# A-log was better than Mad at the Internet



## fortunecookie (Mar 3, 2022)

Had more historical roots

Bothers me every time I scroll over the hat emoticon


----------



## Null (Mar 3, 2022)

Yeah well listen here jack nobody knew what the fuck it meant so I changed it


----------



## What the shit (Mar 3, 2022)

Null said:


> Yeah well listen here jack nobody knew what the fuck it meant so I changed it


Just encourage people to look at the glossary in here, but maybe that’s asking too much for the average user.


----------



## Pixy (Mar 3, 2022)

What the shit said:


> Just encourage people to look at the glossary in here, but maybe that’s asking too much for the average user.


Not even Gunt knows what A-log even means, despite throwing it around willy-nilly.

It's an uphill battle.


----------



## What the shit (Mar 3, 2022)

Pixy said:


> Not even Gunt knows what A-log even means, despite throwing it around willy-nilly.
> 
> It's an uphill battle.


The Gunt is just naturally stupid. He’s so headstrong that even if you correct
Him he’ll just argue against the fact, even though he’s a prime example of an a-logger.


----------



## Just A Butt (Mar 3, 2022)

i think MATI is a good stream i have never heard of this A-Log stream you mention can you please provide me a link so that i can watch the A-Log streams? @fortunecookie


----------



## T_Holygrail_Jesuschrist 2 (Mar 3, 2022)

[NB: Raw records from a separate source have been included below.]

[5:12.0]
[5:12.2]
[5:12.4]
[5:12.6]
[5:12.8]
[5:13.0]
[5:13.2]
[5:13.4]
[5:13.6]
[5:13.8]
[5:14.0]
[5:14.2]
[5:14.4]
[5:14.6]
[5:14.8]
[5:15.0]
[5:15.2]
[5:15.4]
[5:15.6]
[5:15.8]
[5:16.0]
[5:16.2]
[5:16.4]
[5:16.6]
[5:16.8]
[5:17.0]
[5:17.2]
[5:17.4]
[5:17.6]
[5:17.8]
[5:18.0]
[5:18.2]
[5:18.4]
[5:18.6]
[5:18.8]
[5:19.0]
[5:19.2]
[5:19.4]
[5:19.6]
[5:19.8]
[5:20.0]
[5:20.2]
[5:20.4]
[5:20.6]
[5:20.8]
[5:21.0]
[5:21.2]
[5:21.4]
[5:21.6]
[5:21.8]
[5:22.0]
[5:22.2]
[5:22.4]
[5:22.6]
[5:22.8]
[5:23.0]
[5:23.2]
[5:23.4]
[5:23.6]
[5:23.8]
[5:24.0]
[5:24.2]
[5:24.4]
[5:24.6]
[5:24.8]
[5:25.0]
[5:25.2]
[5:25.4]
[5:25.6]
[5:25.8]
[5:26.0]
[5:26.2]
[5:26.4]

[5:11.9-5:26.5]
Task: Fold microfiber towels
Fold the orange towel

Anthony " A-Log" LoGatto is and will always be WORSE than MATI.


----------



## fortunecookie (Mar 3, 2022)

Null said:


> Yeah well listen here jack nobody knew what the fuck it meant so I changed it


Also I hate the facebook thumbsup. Having two of those blue ''reaccs'' next to eachother is cyberbullying. Also the word like is triggering


----------



## Clown Baby (Mar 3, 2022)

Sound like someone has a log in his pants


----------



## Jaded Optimist (Mar 3, 2022)

What the shit said:


> Just encourage people to look at the glossary in here, but maybe that’s asking too much for the average user.

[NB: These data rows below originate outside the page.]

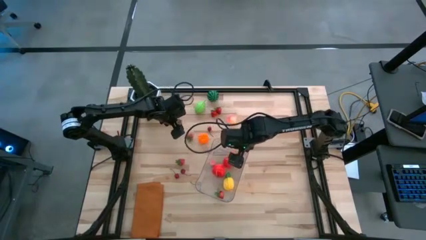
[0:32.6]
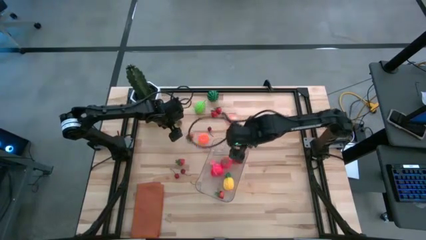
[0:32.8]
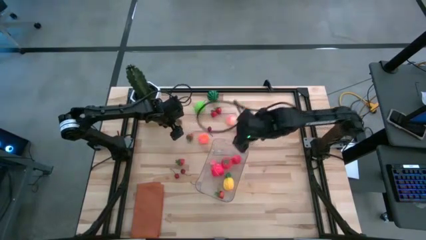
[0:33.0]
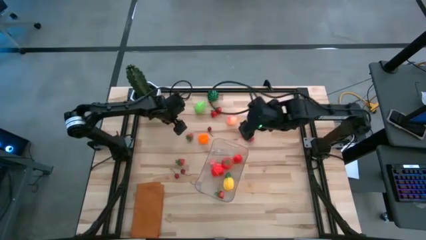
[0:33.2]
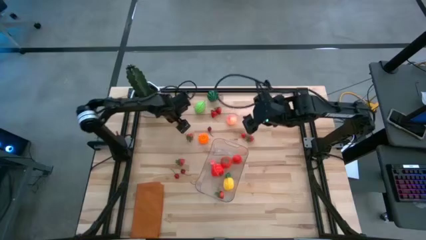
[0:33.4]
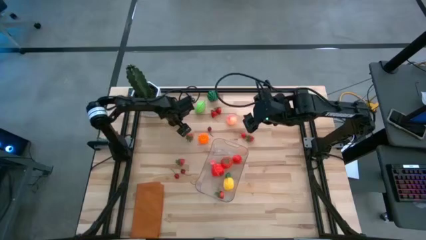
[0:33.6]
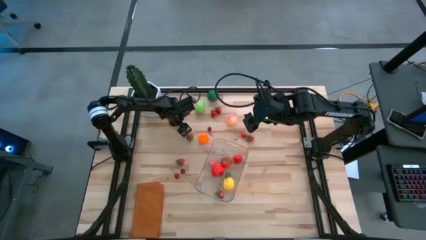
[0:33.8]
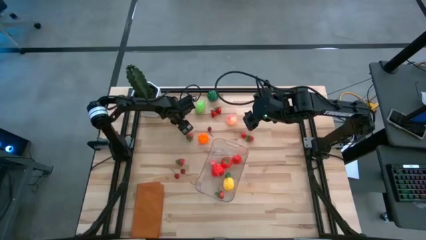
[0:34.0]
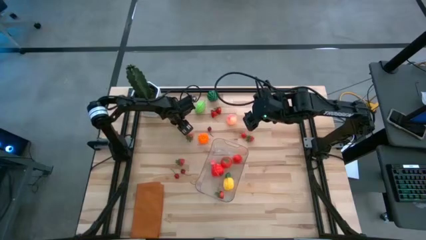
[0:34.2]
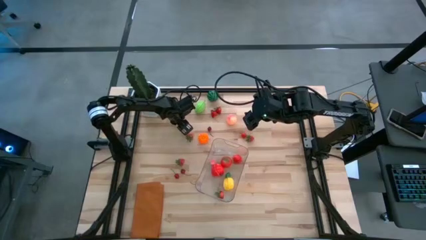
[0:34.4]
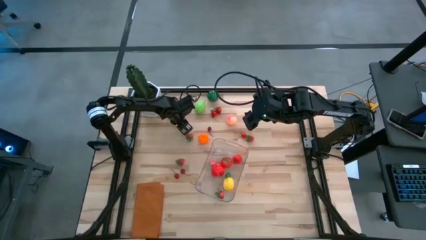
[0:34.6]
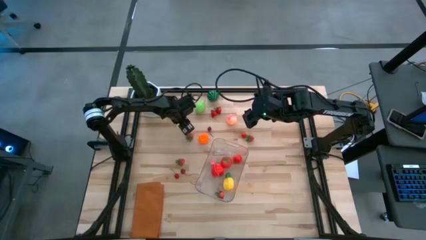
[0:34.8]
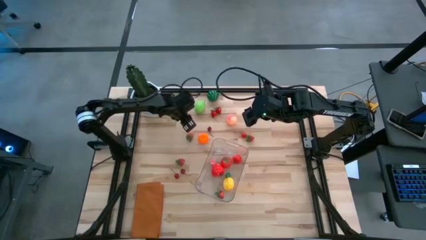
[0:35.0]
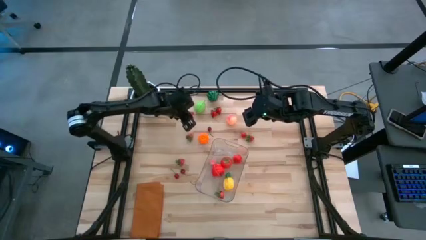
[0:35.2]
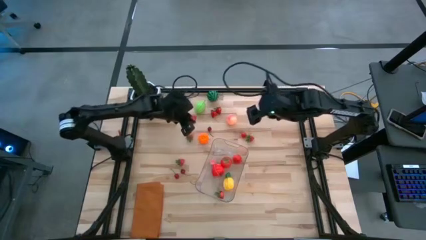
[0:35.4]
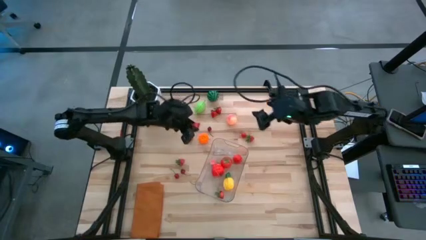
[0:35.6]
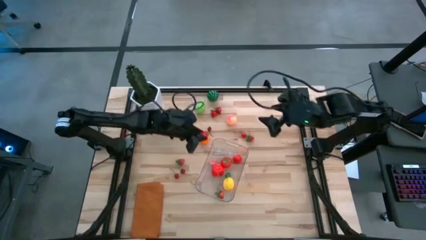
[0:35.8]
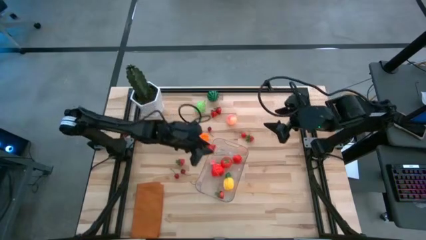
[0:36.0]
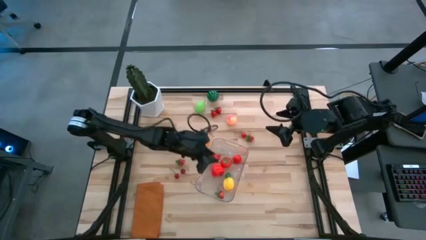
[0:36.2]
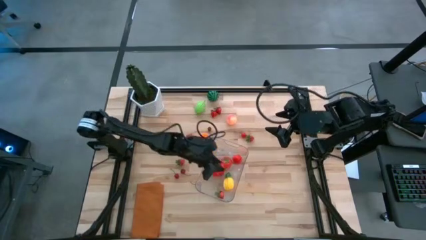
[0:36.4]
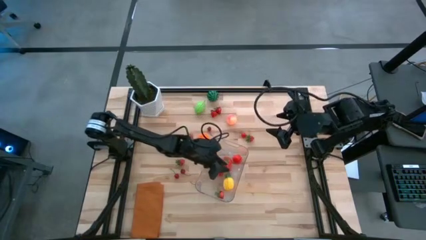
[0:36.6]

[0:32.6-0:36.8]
Task: Pick and placing Produce into tupperware
Put the red strawberry into the transparent bin

Dude, people can't even be bothered to read the special announcements on the top of every page.


----------



## DJ Grelle (Mar 3, 2022)

What the shit said:


> Just encourage people to look at the glossary in here, but maybe that’s asking too much for the average user.


There is a glossary?


----------



## Uncle Warren (Mar 3, 2022)

Null said:


> Yeah well listen here jack nobody knew what the fuck it meant so I changed it


Is the term a-log even relevant anymore since Anthony's barely held any ground after the arrest?


----------



## Gangster Talk (Mar 3, 2022)

I liked when it just said "Nice Hat"


----------



## Shroom King (Mar 3, 2022)

Clown Baby said:


> Sound like someone has a log in his pants



It wouldn't surprise me if A-log does that on the regular.


----------



## Tism the Return (Mar 3, 2022)

DJ Grelle said:


> There is a glossary?



You didn't check your kiwifarms world bible in the menu screen? Shameful.


----------



## MrTroll (Mar 3, 2022)

His name is ANTHONY LOGATTO! His NAME is ANTHONY LOGATTO!


----------



## Dysnomia (Mar 3, 2022)

What the shit said:


> Just encourage people to look at the glossary in here, but maybe that’s asking too much for the average user.

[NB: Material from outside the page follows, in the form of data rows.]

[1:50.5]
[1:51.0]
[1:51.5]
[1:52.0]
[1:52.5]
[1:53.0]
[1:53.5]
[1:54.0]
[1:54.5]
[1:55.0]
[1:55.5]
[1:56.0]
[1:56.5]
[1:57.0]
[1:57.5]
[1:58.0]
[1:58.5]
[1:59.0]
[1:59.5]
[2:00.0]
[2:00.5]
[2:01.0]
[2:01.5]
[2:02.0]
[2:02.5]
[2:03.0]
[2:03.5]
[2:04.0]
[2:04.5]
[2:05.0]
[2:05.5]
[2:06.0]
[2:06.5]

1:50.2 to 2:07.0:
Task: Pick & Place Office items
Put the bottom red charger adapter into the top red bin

I think expecting people to actually read something is asking too much.


----------



## Grog (Mar 3, 2022)

Yet another change made to appease the at the time newly found user base of fat women who come here to gossip about other fat women.


----------



## Cilleystring (Mar 3, 2022)

fortunecookie said:


> Also I hate the facebook thumbsup. Having two of those blue ''reaccs'' next to eachother is cyberbullying. Also the word like is triggering


The thumbs up/like sticky should be a soyface with their thumbs up


----------



## Terra Pax (Mar 3, 2022)

It was a organic in-house term and the top-hat symbol itself is still an alog reference. It was a shame to see it go tbh. 

And when did power-levelling become TMI? Presumably for the same reason - though admittedly I never knew what the symbol was supposed to be until it was explained, always thought it was some weird seat belt.


----------



## Karl der Grosse (Mar 3, 2022)

Whatever happened to Anthony Logatto?  Did he ever grow up, get off the internet, and get a real job?


----------



## Testacles Maximus (Mar 3, 2022)

Karl der Grosse said:


> Whatever happened to Anthony Logatto?  Did he ever grow up, get off the internet, and get a real job?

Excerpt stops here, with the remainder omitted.